Five coconut rhinoceros beetles were found in Maui detection traps this month, and while state officials say the island does not have an established infestation, the discovery is another reminder that one of Hawaii’s most destructive invasive pests continues appearing in places where authorities are trying to keep it from gaining a foothold.
When we were at Baldwin Beach on Maui last year, lifeguards pointed toward the line of palms and told us they believed coconut rhinoceros beetles might already be part of the problem there. Whether that ultimately proves true or not, the conversation stayed with us because it reflected something visitors rarely think about. The palm-lined Hawaii that appears in vacation photos and postcards can feel permanent, yet many of those trees already face pressure from erosion, storms, disease, development, and invasive species.

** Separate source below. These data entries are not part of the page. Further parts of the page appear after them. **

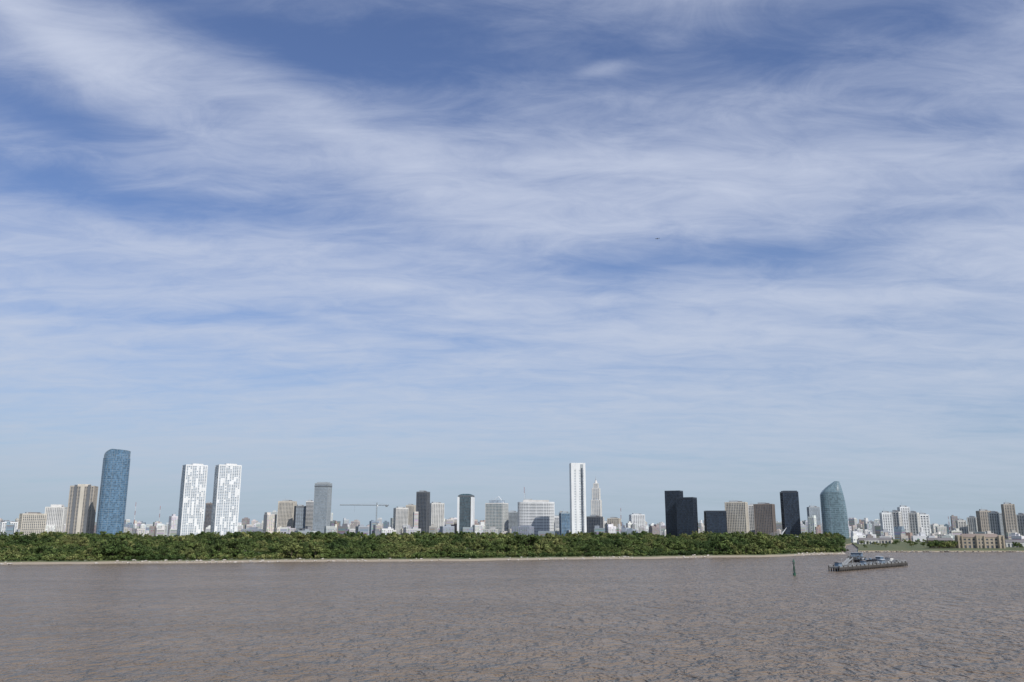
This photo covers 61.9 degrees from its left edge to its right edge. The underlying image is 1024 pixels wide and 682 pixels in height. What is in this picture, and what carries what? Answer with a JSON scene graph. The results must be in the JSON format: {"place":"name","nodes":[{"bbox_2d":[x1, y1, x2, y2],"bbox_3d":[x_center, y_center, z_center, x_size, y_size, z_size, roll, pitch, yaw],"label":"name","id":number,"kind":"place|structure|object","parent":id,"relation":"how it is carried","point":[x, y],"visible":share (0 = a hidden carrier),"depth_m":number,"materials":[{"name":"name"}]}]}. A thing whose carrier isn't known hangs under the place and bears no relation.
{"place":"outdoors","nodes":[
{"label":"outdoors","id":0,"kind":"place"},
{"bbox_2d":[0,521,17,533],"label":"apartment building","id":1,"kind":"structure","parent":0,"point":[3,526],"depth_m":2237.01,"materials":[{"name":"white concrete"}]},
{"bbox_2d":[65,484,97,533],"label":"residential tower","id":2,"kind":"structure","parent":0,"point":[81,509],"depth_m":1995.73,"materials":[{"name":"beige concrete"}]},
{"bbox_2d":[95,449,130,534],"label":"curved glass tower","id":3,"kind":"structure","parent":0,"point":[113,492],"depth_m":1905.11,"materials":[{"name":"glass"}]},
{"bbox_2d":[177,464,207,535],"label":"white residential tower","id":4,"kind":"structure","parent":0,"point":[192,498],"depth_m":1856.61,"materials":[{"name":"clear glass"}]},
{"bbox_2d":[210,463,241,535],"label":"white residential tower","id":5,"kind":"structure","parent":0,"point":[226,499],"depth_m":1856.07,"materials":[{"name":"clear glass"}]},
{"bbox_2d":[277,500,296,527],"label":"apartment building","id":6,"kind":"structure","parent":0,"point":[285,516],"depth_m":2190.76,"materials":[{"name":"beige concrete"}]},
{"bbox_2d":[293,504,305,530],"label":"apartment tower","id":7,"kind":"structure","parent":0,"point":[299,517],"depth_m":2146.43,"materials":[{"name":"blue glass"}]},
{"bbox_2d":[430,502,443,532],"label":"apartment building","id":8,"kind":"structure","parent":0,"point":[437,514],"depth_m":2387.95,"materials":[{"name":"white concrete"}]},
{"bbox_2d":[457,494,474,532],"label":"green glass tower","id":9,"kind":"structure","parent":0,"point":[465,510],"depth_m":2097.02,"materials":[{"name":"glass"}]},
{"bbox_2d":[0,544,1023,681],"bbox_3d":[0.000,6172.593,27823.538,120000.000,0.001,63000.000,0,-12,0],"label":"river water","id":10,"kind":"structure","parent":0,"point":[940,617],"depth_m":192.46,"materials":[{"name":"brown liquid"}]},
{"bbox_2d":[792,559,795,575],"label":"channel marker","id":11,"kind":"object","parent":10,"relation":"in","point":[793,563],"visible":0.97,"depth_m":380.69,"materials":[{"name":"green paint"}]},
{"bbox_2d":[828,558,907,571],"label":"boat","id":12,"kind":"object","parent":10,"relation":"in","point":[861,565],"depth_m":445.45,"materials":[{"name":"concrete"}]},
{"bbox_2d":[843,558,853,565],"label":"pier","id":13,"kind":"structure","parent":12,"relation":"on","point":[848,561],"depth_m":477.87,"materials":[{"name":"concrete"}]},
{"bbox_2d":[848,551,865,558],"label":"building","id":14,"kind":"structure","parent":12,"relation":"on","point":[855,554],"depth_m":581.70,"materials":[{"name":"concrete"}]},
{"bbox_2d":[847,556,902,562],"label":"pier","id":15,"kind":"structure","parent":12,"relation":"on","point":[858,559],"depth_m":511.98,"materials":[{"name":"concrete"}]},
{"bbox_2d":[0,537,1023,564],"bbox_3d":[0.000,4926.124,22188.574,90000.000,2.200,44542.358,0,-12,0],"label":"ground","id":16,"kind":"structure","parent":0,"point":[902,546],"depth_m":590.99,"materials":[{"name":"green plant"}]},
{"bbox_2d":[18,512,46,535],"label":"classical office building","id":17,"kind":"structure","parent":16,"relation":"on","point":[30,522],"depth_m":2090.65,"materials":[{"name":"beige stone"}]},
{"bbox_2d":[45,504,67,532],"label":"apartment building","id":18,"kind":"structure","parent":16,"relation":"on","point":[57,515],"depth_m":2236.89,"materials":[{"name":"white concrete"}]},
{"bbox_2d":[204,500,211,532],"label":"office tower","id":19,"kind":"structure","parent":16,"relation":"on","point":[208,514],"depth_m":2245.86,"materials":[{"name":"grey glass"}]},
{"bbox_2d":[305,500,313,530],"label":"apartment tower","id":20,"kind":"structure","parent":16,"relation":"on","point":[309,513],"depth_m":2246.81,"materials":[{"name":"grey concrete"}]},
{"bbox_2d":[312,482,331,532],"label":"slab office tower","id":21,"kind":"structure","parent":16,"relation":"on","point":[322,506],"depth_m":2101.39,"materials":[{"name":"grey glass"}]},
{"bbox_2d":[340,502,388,534],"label":"tower crane","id":22,"kind":"object","parent":16,"relation":"on","point":[386,505],"visible":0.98,"depth_m":2011.92,"materials":[{"name":"grey metal"}]},
{"bbox_2d":[393,506,407,533],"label":"apartment building","id":23,"kind":"structure","parent":16,"relation":"on","point":[400,516],"depth_m":2338.55,"materials":[{"name":"white concrete"}]},
{"bbox_2d":[406,504,415,526],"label":"apartment building","id":24,"kind":"structure","parent":16,"relation":"on","point":[411,508],"depth_m":2441.83,"materials":[{"name":"beige concrete"}]},
{"bbox_2d":[416,490,429,531],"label":"dark office tower","id":25,"kind":"structure","parent":16,"relation":"on","point":[423,503],"depth_m":2198.96,"materials":[{"name":"black glass"}]},
{"bbox_2d":[0,537,848,560],"bbox_3d":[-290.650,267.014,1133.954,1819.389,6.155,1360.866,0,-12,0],"label":"riverside forest","id":26,"kind":"object","parent":16,"relation":"on","point":[226,556],"visible":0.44,"depth_m":571.62,"materials":[{"name":"green plant"}]},
{"bbox_2d":[0,510,967,537],"bbox_3d":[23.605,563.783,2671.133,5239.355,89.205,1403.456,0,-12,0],"label":"distant city buildings","id":27,"kind":"structure","parent":16,"relation":"on","point":[865,526],"depth_m":2194.00,"materials":[{"name":"white concrete"}]},
{"bbox_2d":[485,496,507,533],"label":"glass office building","id":28,"kind":"structure","parent":16,"relation":"on","point":[496,513],"depth_m":2140.02,"materials":[{"name":"glass"}]},
{"bbox_2d":[0,550,1021,564],"bbox_3d":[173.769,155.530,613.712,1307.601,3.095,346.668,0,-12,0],"label":"shore rocks","id":29,"kind":"object","parent":16,"relation":"on","point":[821,553],"visible":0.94,"depth_m":579.88,"materials":[{"name":"grey stone"}]},
{"bbox_2d":[508,508,517,528],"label":"office building","id":30,"kind":"structure","parent":16,"relation":"on","point":[512,518],"depth_m":2338.66,"materials":[{"name":"grey glass"}]},
{"bbox_2d":[518,499,554,535],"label":"banded office building","id":31,"kind":"structure","parent":16,"relation":"on","point":[538,515],"depth_m":2082.17,"materials":[{"name":"white glass"}]},
{"bbox_2d":[559,509,569,535],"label":"blue glass building","id":32,"kind":"structure","parent":16,"relation":"on","point":[564,521],"depth_m":2064.52,"materials":[{"name":"glass"}]},
{"bbox_2d":[591,479,604,527],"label":"stepped spire tower","id":33,"kind":"structure","parent":16,"relation":"on","point":[596,504],"depth_m":2253.97,"materials":[{"name":"white concrete"}]},
{"bbox_2d":[704,511,726,533],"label":"dark glass block","id":34,"kind":"structure","parent":16,"relation":"on","point":[715,521],"depth_m":1893.66,"materials":[{"name":"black glass"}]},
{"bbox_2d":[879,511,893,538],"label":"apartment tower","id":35,"kind":"structure","parent":16,"relation":"on","point":[886,519],"depth_m":1705.23,"materials":[{"name":"white concrete"}]},
{"bbox_2d":[908,511,920,535],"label":"apartment tower","id":36,"kind":"structure","parent":16,"relation":"on","point":[914,521],"depth_m":1706.88,"materials":[{"name":"grey concrete"}]},
{"bbox_2d":[851,526,1023,541],"bbox_3d":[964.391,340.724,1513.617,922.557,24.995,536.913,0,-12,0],"label":"distant port buildings","id":37,"kind":"structure","parent":16,"relation":"on","point":[899,532],"depth_m":1428.55,"materials":[{"name":"white concrete"}]},
{"bbox_2d":[967,516,977,533],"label":"apartment tower","id":38,"kind":"structure","parent":16,"relation":"on","point":[972,524],"depth_m":2047.68,"materials":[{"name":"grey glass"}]},
{"bbox_2d":[0,0,1023,527],"label":"sky","id":39,"kind":"structure","parent":0,"point":[385,252],"materials":[{"name":"blue"}]},
{"bbox_2d":[554,515,558,528],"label":"apartment building","id":40,"kind":"structure","parent":0,"point":[556,521],"depth_m":2290.12,"materials":[{"name":"white concrete"}]},
{"bbox_2d":[569,463,586,534],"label":"white slab tower","id":41,"kind":"structure","parent":0,"point":[577,475],"depth_m":1956.15,"materials":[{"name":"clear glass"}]},
{"bbox_2d":[586,515,602,532],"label":"dark office building","id":42,"kind":"structure","parent":0,"point":[593,521],"depth_m":2091.07,"materials":[{"name":"black glass"}]},
{"bbox_2d":[607,515,621,526],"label":"apartment building","id":43,"kind":"structure","parent":0,"point":[615,521],"depth_m":2288.99,"materials":[{"name":"beige concrete"}]},
{"bbox_2d":[629,513,644,532],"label":"apartment building","id":44,"kind":"structure","parent":0,"point":[638,519],"depth_m":2335.34,"materials":[{"name":"white concrete"}]},
{"bbox_2d":[665,490,682,536],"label":"black office tower","id":45,"kind":"structure","parent":0,"point":[670,512],"depth_m":1952.39,"materials":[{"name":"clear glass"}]},
{"bbox_2d":[676,497,697,535],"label":"black office tower","id":46,"kind":"structure","parent":0,"point":[687,516],"depth_m":1908.81,"materials":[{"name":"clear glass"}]},
{"bbox_2d":[724,501,748,533],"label":"ribbed office tower","id":47,"kind":"structure","parent":0,"point":[737,516],"depth_m":1925.43,"materials":[{"name":"beige concrete"}]},
{"bbox_2d":[748,503,754,532],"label":"ribbed office tower","id":48,"kind":"structure","parent":0,"point":[751,517],"depth_m":2030.12,"materials":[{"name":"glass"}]},
{"bbox_2d":[753,502,776,534],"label":"brown office tower","id":49,"kind":"structure","parent":0,"point":[764,518],"depth_m":1927.08,"materials":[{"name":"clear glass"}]},
{"bbox_2d":[780,491,800,534],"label":"black office tower","id":50,"kind":"structure","parent":0,"point":[790,510],"depth_m":1929.68,"materials":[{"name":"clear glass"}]},
{"bbox_2d":[807,506,820,532],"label":"grey apartment tower","id":51,"kind":"structure","parent":0,"point":[813,510],"depth_m":2294.20,"materials":[{"name":"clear glass"}]},
{"bbox_2d":[820,481,848,537],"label":"sail shaped glass tower","id":52,"kind":"structure","parent":0,"point":[834,516],"depth_m":1848.76,"materials":[{"name":"glass"}]},
{"bbox_2d":[857,538,878,543],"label":"port warehouse","id":53,"kind":"structure","parent":0,"point":[871,540],"depth_m":1114.93,"materials":[{"name":"grey concrete"}]},
{"bbox_2d":[878,537,892,543],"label":"port warehouse","id":54,"kind":"structure","parent":0,"point":[884,540],"depth_m":1164.31,"materials":[{"name":"grey concrete"}]},
{"bbox_2d":[890,510,902,527],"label":"apartment tower","id":55,"kind":"structure","parent":0,"point":[897,518],"depth_m":1756.98,"materials":[{"name":"white concrete"}]},
{"bbox_2d":[897,505,909,534],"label":"apartment tower","id":56,"kind":"structure","parent":0,"point":[904,510],"depth_m":1805.38,"materials":[{"name":"white concrete"}]},
{"bbox_2d":[920,513,930,538],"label":"apartment tower","id":57,"kind":"structure","parent":0,"point":[925,521],"depth_m":1733.66,"materials":[{"name":"white concrete"}]},
{"bbox_2d":[926,538,952,543],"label":"port warehouse","id":58,"kind":"structure","parent":0,"point":[939,539],"depth_m":1116.87,"materials":[{"name":"grey metal"}]},
{"bbox_2d":[955,519,967,533],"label":"apartment tower","id":59,"kind":"structure","parent":0,"point":[961,524],"depth_m":1948.36,"materials":[{"name":"concrete"}]},
{"bbox_2d":[955,534,1005,547],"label":"long quayside building","id":60,"kind":"structure","parent":0,"point":[980,541],"depth_m":868.27,"materials":[{"name":"beige concrete"}]},
{"bbox_2d":[976,508,990,531],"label":"apartment tower","id":61,"kind":"structure","parent":0,"point":[982,517],"depth_m":1901.42,"materials":[{"name":"beige concrete"}]},
{"bbox_2d":[988,511,1004,537],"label":"apartment tower","id":62,"kind":"structure","parent":0,"point":[996,523],"depth_m":1852.46,"materials":[{"name":"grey glass"}]},
{"bbox_2d":[1001,502,1017,538],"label":"apartment tower","id":63,"kind":"structure","parent":0,"point":[1009,516],"depth_m":1805.64,"materials":[{"name":"concrete"}]},
{"bbox_2d":[1005,539,1023,546],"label":"port warehouse","id":64,"kind":"structure","parent":0,"point":[1008,543],"depth_m":921.75,"materials":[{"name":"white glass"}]},
{"bbox_2d":[1016,513,1023,535],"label":"apartment tower","id":65,"kind":"structure","parent":0,"point":[1020,520],"depth_m":1854.86,"materials":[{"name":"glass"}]}
]}

That concern feels less theoretical following the state’s latest announcement. The Hawaii Department of Agriculture and Biosecurity reported that three dead adult female beetles were collected from two traps in Waikapu on June 4, with two additional dead beetles found during follow-up inspections on June 8. The discoveries came two months after a dead beetle was detected at Kahului Airport.
The concern was already surfacing at Baldwin.
At Baldwin Beach, palms have been disappearing for years as erosion continues to reshape parts of the shoreline. County officials have attributed those losses primarily to coastal erosion and saltwater impacts, and we have not seen evidence linking coconut rhinoceros beetles to the trees lost there. What stood out to us, however, was that the possibility was already part of the conversation among people who spend every day on that beach.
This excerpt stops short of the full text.